New committee to examine potential clinical use of germline editing 

The U.S. National Academies and the U.K.’s Royal Society just formed an international commission to assess the potential clinical use of germline editing. The practice is illegal in the U.S. and many other countries, but after Chinese scientist He Jiankui’s rogue experiment led to the birth of the world’s first genome-edited babies late last year, experts have worried that other researchers may attempt the same. The new commission — whose final report is expected next year — will hold public meetings and an international workshop to come up with a framework for when it may be acceptable to use CRISPR to edit IVF embryos and establish pregnancies with them. Members include Broad Institute President Eric Lander and former FDA Commissioner Robert Califf, and the public now has 20 days to offer feedback on the commission’s membership. The WHO established an advisory committee on editing human DNA back in December.
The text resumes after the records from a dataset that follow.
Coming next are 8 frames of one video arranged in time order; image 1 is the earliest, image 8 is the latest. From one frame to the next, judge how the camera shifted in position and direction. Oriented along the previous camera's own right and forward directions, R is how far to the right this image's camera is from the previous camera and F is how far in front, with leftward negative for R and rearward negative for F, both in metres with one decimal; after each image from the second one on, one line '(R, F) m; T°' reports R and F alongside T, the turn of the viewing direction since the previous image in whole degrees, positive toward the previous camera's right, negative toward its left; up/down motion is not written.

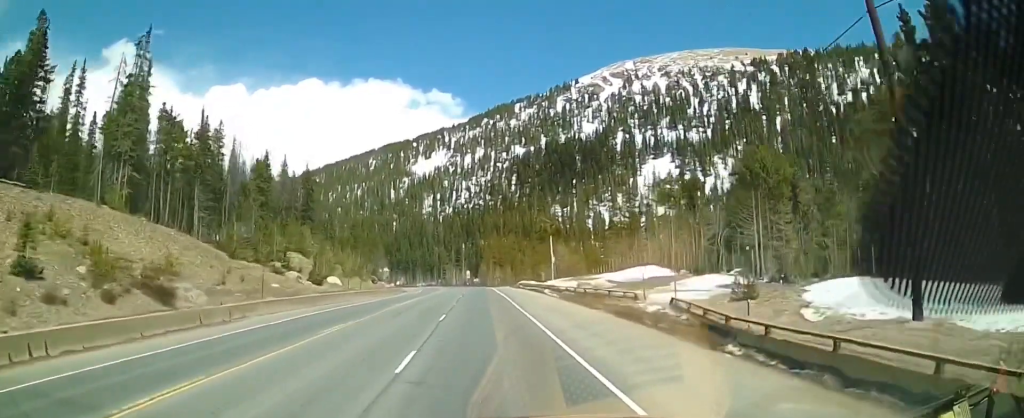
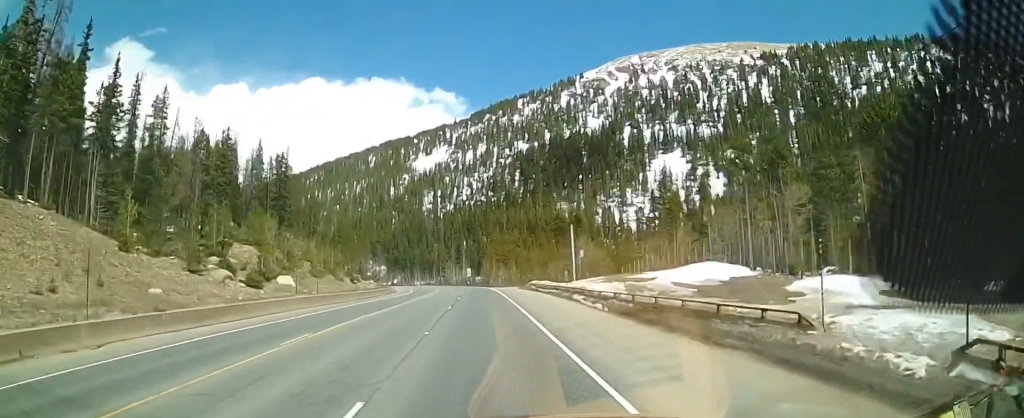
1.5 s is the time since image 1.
(-0.4, +17.9) m; +1°
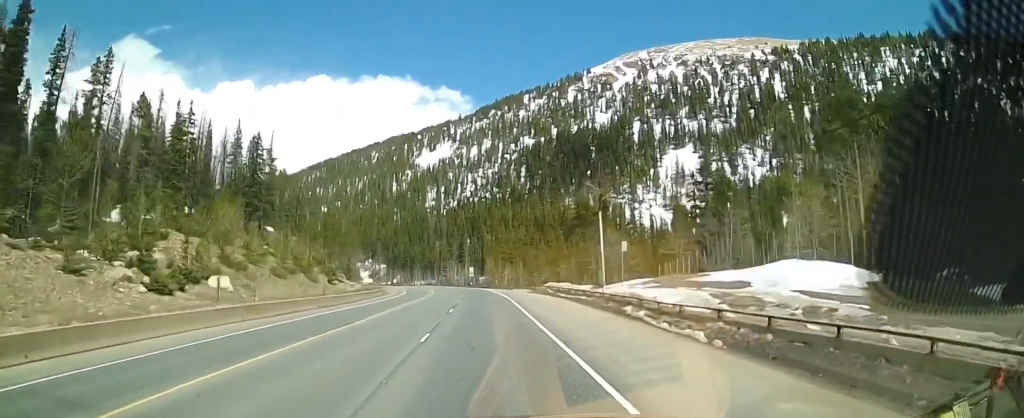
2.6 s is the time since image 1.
(+0.5, +14.1) m; 0°
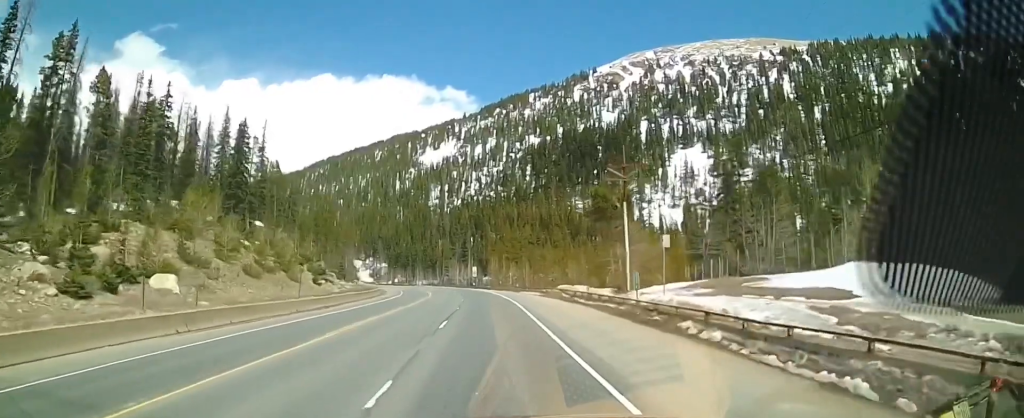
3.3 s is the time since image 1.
(-0.3, +7.7) m; -1°
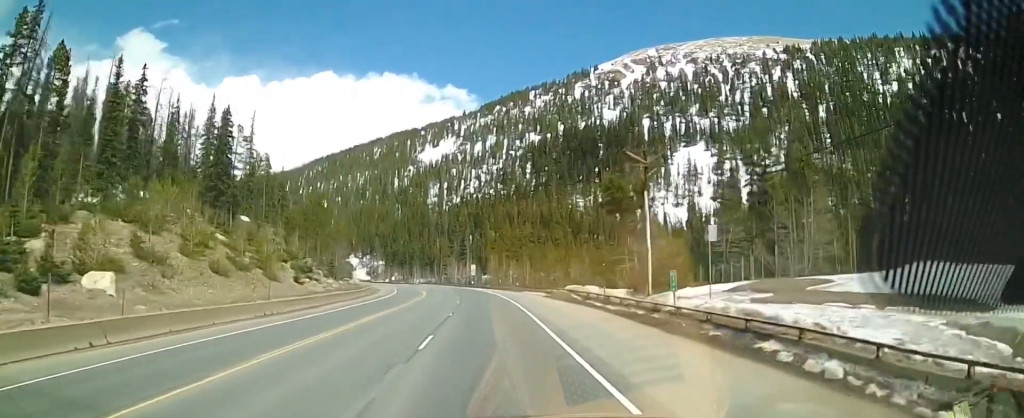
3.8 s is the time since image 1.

Kids who are bullied are more likely to use cigarettes, other harmful substances

A new survey of high school students in California finds that some 14% of them were bullied, and those who were bullied are also more likely to report using harmful substances. Here’s more from the survey:

  • The design: U.S. News & World Report analysts looked at data from nearly 400,000 high school students during the 2017-2018 school year.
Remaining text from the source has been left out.